You've done the hard work: identify a possible cause, come up with a probable 
fix. All it needs is a little test to round it off -one which will even 
validate your hypothesis about probable cause.




> NPE thrown if an IOException is thrown in NameNode.<init>
> ---------------------------------------------------------
>
>                 Key: HDFS-9249
>                 URL: https://issues.apache.org/jira/browse/HDFS-9249
>             Project: Hadoop HDFS
>          Issue Type: Bug
>            Reporter: Wei-Chiu Chuang
>            Assignee: Wei-Chiu Chuang
>            Priority: Minor
>              Labels: supportability
>         Attachments: HDFS-9249.001.patch
>
>
> This issue was found when running test case 
> TestBackupNode.testCheckpointNode, but upon closer look, the problem is not 
> due to the test case.
> Looks like an IOException was thrown in
>     try {
>       initializeGenericKeys(conf, nsId, namenodeId);
>       initialize(conf);
>       try {
>         haContext.writeLock();
>         state.prepareToEnterState(haContext);
>         state.enterState(haContext);
>       } finally {
>         haContext.writeUnlock();
>       }
> causing the namenode to stop, but the namesystem was not yet properly 
> instantiated, causing NPE.
> I tried to reproduce locally, but to no avail.
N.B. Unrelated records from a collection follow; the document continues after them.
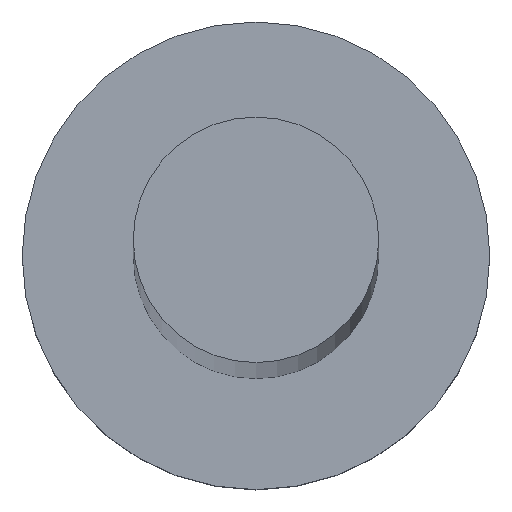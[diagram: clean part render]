
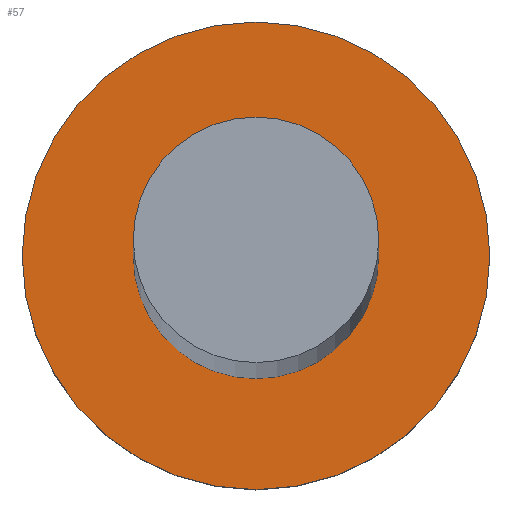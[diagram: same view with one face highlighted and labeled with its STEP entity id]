
A CAD part, top view. The second image highlights one B-rep face of the part: STEP entity #57.
In plain terms, the highlighted planar face has unit normal (0, 0, 1).
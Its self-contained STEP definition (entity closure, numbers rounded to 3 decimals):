
#11 = CARTESIAN_POINT ( 'NONE',  ( 4., 0., 3. ) ) ;
#14 = VERTEX_POINT ( 'NONE', #11 ) ;
#15 = FACE_BOUND ( 'NONE', #86, .T. ) ;
#28 = CIRCLE ( 'NONE', #103, 2.1 ) ;
#37 = FACE_OUTER_BOUND ( 'NONE', #162, .T. ) ;
#39 = DIRECTION ( 'NONE',  ( 1., 0., 0. ) ) ;
#47 = AXIS2_PLACEMENT_3D ( 'NONE', #55, #153, #133 ) ;
#51 = DIRECTION ( 'NONE',  ( 1., 0., 0. ) ) ;
#53 = CIRCLE ( 'NONE', #47, 2.1 ) ;
#55 = CARTESIAN_POINT ( 'NONE',  ( 0., 0., 3. ) ) ;
#56 = DIRECTION ( 'NONE',  ( 0., 0., 1. ) ) ;
#57 = ADVANCED_FACE ( 'NONE', ( #15, #37 ), #111, .T. ) ;
#63 = EDGE_CURVE ( 'NONE', #166, #14, #125, .T. ) ;
#73 = CARTESIAN_POINT ( 'NONE',  ( 0., 0., 3. ) ) ;
#78 = CARTESIAN_POINT ( 'NONE',  ( 2.1, 0., 3. ) ) ;
#79 = DIRECTION ( 'NONE',  ( 0., 0., 1. ) ) ;
#81 = CARTESIAN_POINT ( 'NONE',  ( -2.1, 0., 3. ) ) ;
#86 = EDGE_LOOP ( 'NONE', ( #230, #107 ) ) ;
#90 = VERTEX_POINT ( 'NONE', #78 ) ;
#94 = CARTESIAN_POINT ( 'NONE',  ( 0., 0., 3. ) ) ;
#97 = CARTESIAN_POINT ( 'NONE',  ( 0., 0., 3. ) ) ;
#103 = AXIS2_PLACEMENT_3D ( 'NONE', #97, #211, #51 ) ;
#105 = EDGE_CURVE ( 'NONE', #90, #248, #28, .T. ) ;
#107 = ORIENTED_EDGE ( 'NONE', *, *, #105, .F. ) ;
#111 = PLANE ( 'NONE',  #247 ) ;
#114 = EDGE_CURVE ( 'NONE', #14, #166, #188, .T. ) ;
#118 = DIRECTION ( 'NONE',  ( 1., 0., 0. ) ) ;
#125 = CIRCLE ( 'NONE', #237, 4. ) ;
#133 = DIRECTION ( 'NONE',  ( 1., 0., 0. ) ) ;
#141 = CARTESIAN_POINT ( 'NONE',  ( -4., 0., 3. ) ) ;
#146 = ORIENTED_EDGE ( 'NONE', *, *, #63, .T. ) ;
#151 = AXIS2_PLACEMENT_3D ( 'NONE', #232, #79, #39 ) ;
#153 = DIRECTION ( 'NONE',  ( 0., 0., 1. ) ) ;
#159 = EDGE_CURVE ( 'NONE', #248, #90, #53, .T. ) ;
#162 = EDGE_LOOP ( 'NONE', ( #146, #206 ) ) ;
#166 = VERTEX_POINT ( 'NONE', #141 ) ;
#188 = CIRCLE ( 'NONE', #151, 4. ) ;
#190 = DIRECTION ( 'NONE',  ( 0., 0., 1. ) ) ;
#194 = DIRECTION ( 'NONE',  ( 1., 0., 0. ) ) ;
#206 = ORIENTED_EDGE ( 'NONE', *, *, #114, .T. ) ;
#211 = DIRECTION ( 'NONE',  ( 0., 0., 1. ) ) ;
#230 = ORIENTED_EDGE ( 'NONE', *, *, #159, .F. ) ;
#232 = CARTESIAN_POINT ( 'NONE',  ( 0., 0., 3. ) ) ;
#237 = AXIS2_PLACEMENT_3D ( 'NONE', #73, #56, #194 ) ;
#247 = AXIS2_PLACEMENT_3D ( 'NONE', #94, #190, #118 ) ;
#248 = VERTEX_POINT ( 'NONE', #81 ) ;
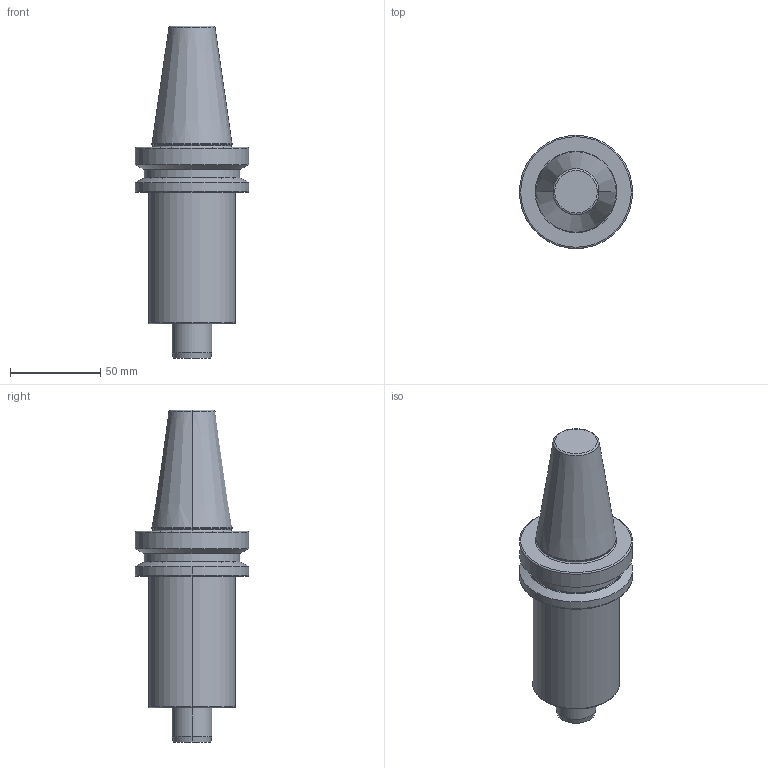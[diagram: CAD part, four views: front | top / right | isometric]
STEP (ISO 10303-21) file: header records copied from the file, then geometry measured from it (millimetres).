
FILE_DESCRIPTION(/* description */ (''),/* implementation_level */ '2;1');
FILE_NAME(/* name */ '1626239450382.stp',/* time_stamp */ '2021-07-14T10:41:03+05:00',/* author */ (''),/* organization */ ('SMS'),/* preprocessor_version */ 'ST-DEVELOPER v16.7',/* originating_system */ 'SIEMENS PLM Software NX 12.0',/* authorisation */ '');
FILE_SCHEMA (('AUTOMOTIVE_DESIGN { 1 0 10303 214 3 1 1 1 }'));
Length unit declared in the file: millimetre
Products named in the file (1): 203600088mod000_00
Bounding box: 62.95 x 62.95 x 184.4 mm (x, y, z)
Volume: 277616.7 mm3; surface area: 30625.4 mm2
Topology: 1 solids, 1 shells, 38 faces, 73 edges, 45 vertices
Faces by surface type: torus 13, cylinder 10, cone 8, plane 7
Full cylindrical faces by diameter (mm): 53 x1, 62.95 x1
Entity records: 1041 total; most frequent: DIRECTION 212, CARTESIAN_POINT 160, ORIENTED_EDGE 146, AXIS2_PLACEMENT_3D 97, EDGE_CURVE 73, CIRCLE 55, EDGE_LOOP 43, VERTEX_POINT 42

> Because I could not reproduce the bug, and the log does not indicate what 
> caused the IOException, I suggest make this a supportability JIRA to log the 
> exception for future improvement.
> Stacktrace
> java.lang.NullPointerException: null
> at 
> org.apache.hadoop.hdfs.server.namenode.NameNode.getFSImage(NameNode.java:906)
> at org.apache.hadoop.hdfs.server.namenode.BackupNode.stop(BackupNode.java:210)
> at org.apache.hadoop.hdfs.server.namenode.NameNode.<init>(NameNode.java:827)
> at 
> org.apache.hadoop.hdfs.server.namenode.BackupNode.<init>(BackupNode.java:89)
> at 
> org.apache.hadoop.hdfs.server.namenode.NameNode.createNameNode(NameNode.java:1474)
> at 
> org.apache.hadoop.hdfs.server.namenode.TestBackupNode.startBackupNode(TestBackupNode.java:102)
> at 
> org.apache.hadoop.hdfs.server.namenode.TestBackupNode.testCheckpoint(TestBackupNode.java:298)
> at 
> org.apache.hadoop.hdfs.server.namenode.TestBackupNode.testCheckpointNode(TestBackupNode.java:130)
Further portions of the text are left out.